In the 1970s, Swiss-based drug giant Hoffmann-La Roche (parent company of the U.S. firm) synthesized a number of different retinoids, trying to come up with safe versions for use on a variety of skin conditions. Among the experimental compounds was one known as 13 cis-retinoic acid. Dermatologist Gary L. Peck, leading a group of researchers at the National Institutes of I Iealth, tried it on fourteen patients (eight men and six women) who had an exceptionally severe and disfiguring form of acne called acne conglobata. Acne con-globata is acne at its most extreme and uncontrollable; at the time it was regarded by dermatologists as truly hopeless. There was literally no effective means of treating it.

Astoundingly, after four months of taking the new drug, thirteen of the fourteen patients were completely free of the monstrous cysts and nodules that had covered their backs and faces; the remaining patient was not totally clear, but had improved dramatically.

When Peck and his colleagues published their results in 1979, in the New England Journal of Medicine, the report caused a sensation among dermatologists. Potential patients who got wind of the new discovery from press accounts of an "acne cure" went wild with hope. Reportedly, one young man was so desperate to obtain Accutane for his girlfriend that he attempted to acquire a supply by holding up the NIH pharmacy at gunpoint.


Isotretinoin is so dramatically effective against acne because it is the only medicine that effectively fights breakouts on all major fronts. It reduces the size of sebaceous glands, which dramatically curtails sebum production; it decreases the cellular buildup that leads to comedones in sebaceous follicles; it massacres the population of P. acnes bacteria; and it quells inflammation.

 Most remarkably, the drug's therapeutic effects typically last long after a patient has stopped taking it. Alone among acne medicines, isotretinoin produces lasting beneficial changes in the skin, making it a virtual cure for many acne patients and dramatically lessening symptoms over the long term for almost all others.

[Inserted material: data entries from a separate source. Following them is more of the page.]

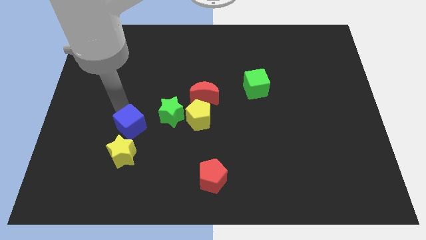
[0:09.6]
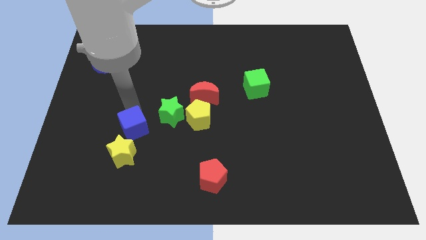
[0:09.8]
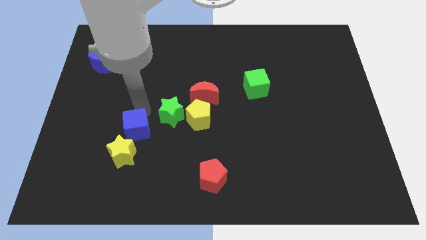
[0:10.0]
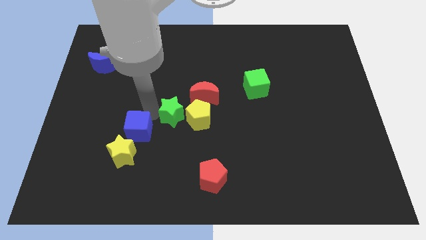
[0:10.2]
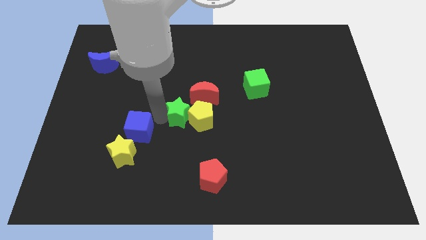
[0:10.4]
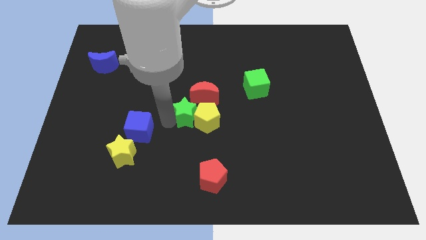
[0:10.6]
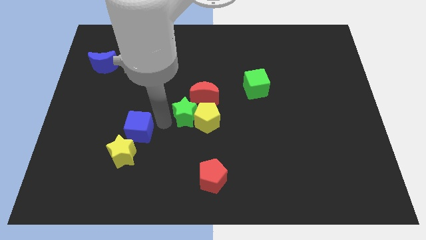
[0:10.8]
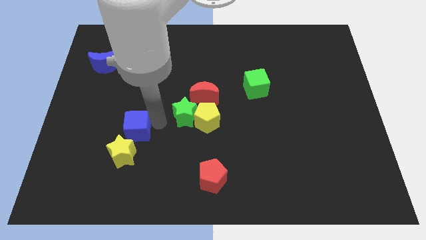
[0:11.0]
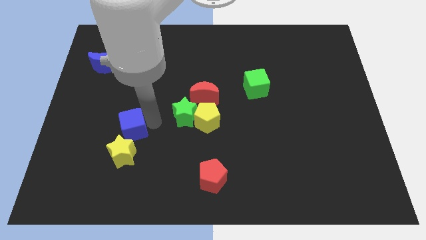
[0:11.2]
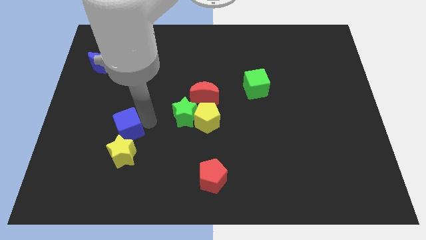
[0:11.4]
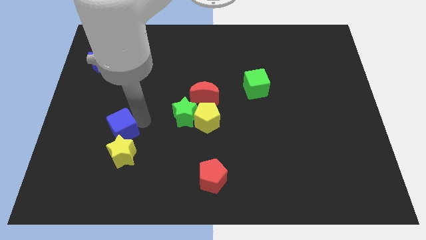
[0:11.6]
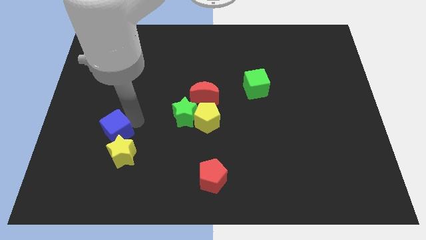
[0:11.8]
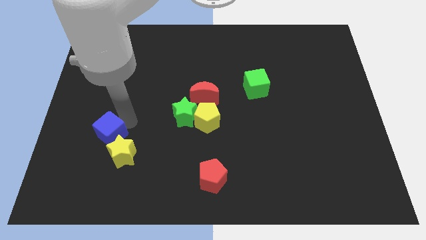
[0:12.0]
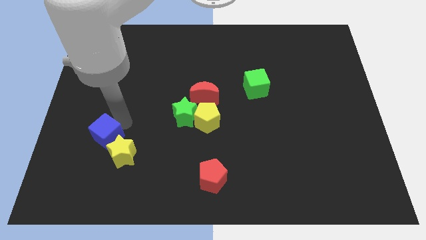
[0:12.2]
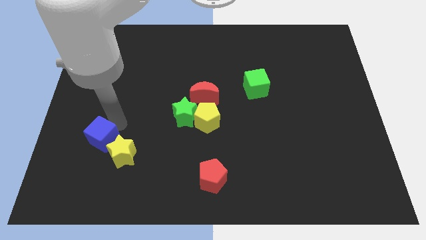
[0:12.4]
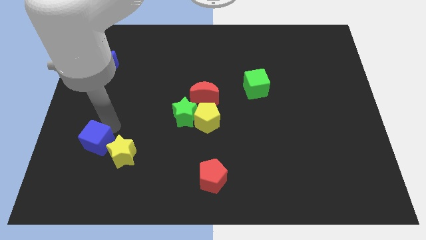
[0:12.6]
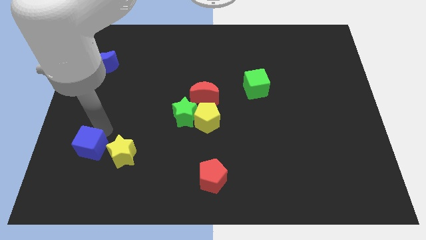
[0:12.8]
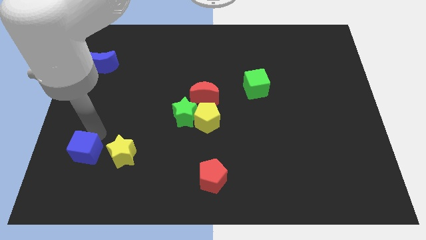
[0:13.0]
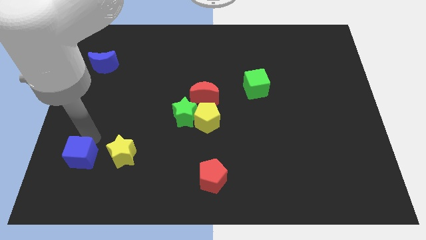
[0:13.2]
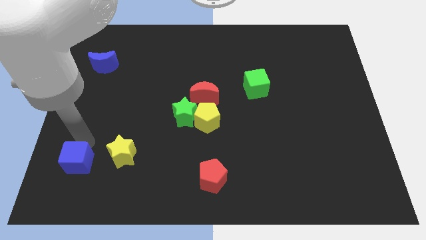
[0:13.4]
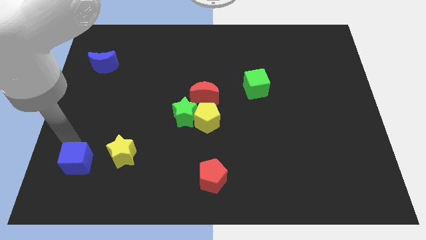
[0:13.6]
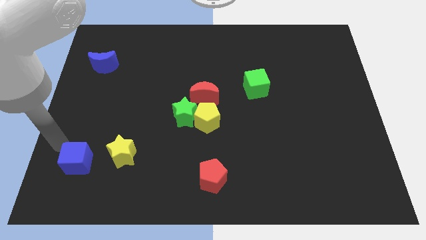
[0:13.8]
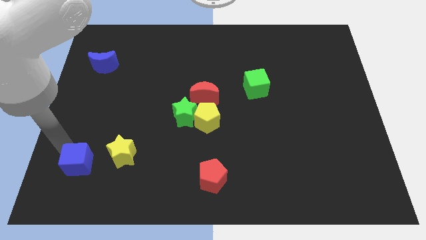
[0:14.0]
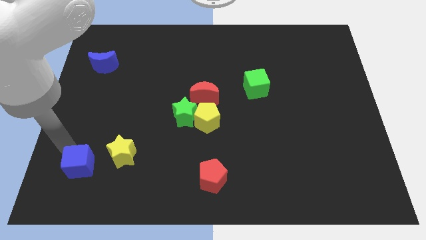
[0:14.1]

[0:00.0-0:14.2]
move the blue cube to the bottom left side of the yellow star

The most common side effects of isotretinoin are similar to those produced by overdosing on vitamin A, a condition called "hypervitaminosis A," or vitamin A toxicity. For most people, the symptoms show up in the mucous membranes and the skin. Accutane makes the skin very dry and easily irritated. The single most common side effect—affecting up to 95 percent of all Accutane patients—is excessively dry, cracked lips. Some patients also get dry, irritated eyes (which can be a particular problem for contact lens wearers). 

Others may develop thinning hair or intermittent headaches. Muscular aches or joint pain may become a problem, particularly for people who tend to be very active or athletic.

More serious side effects are uncommon.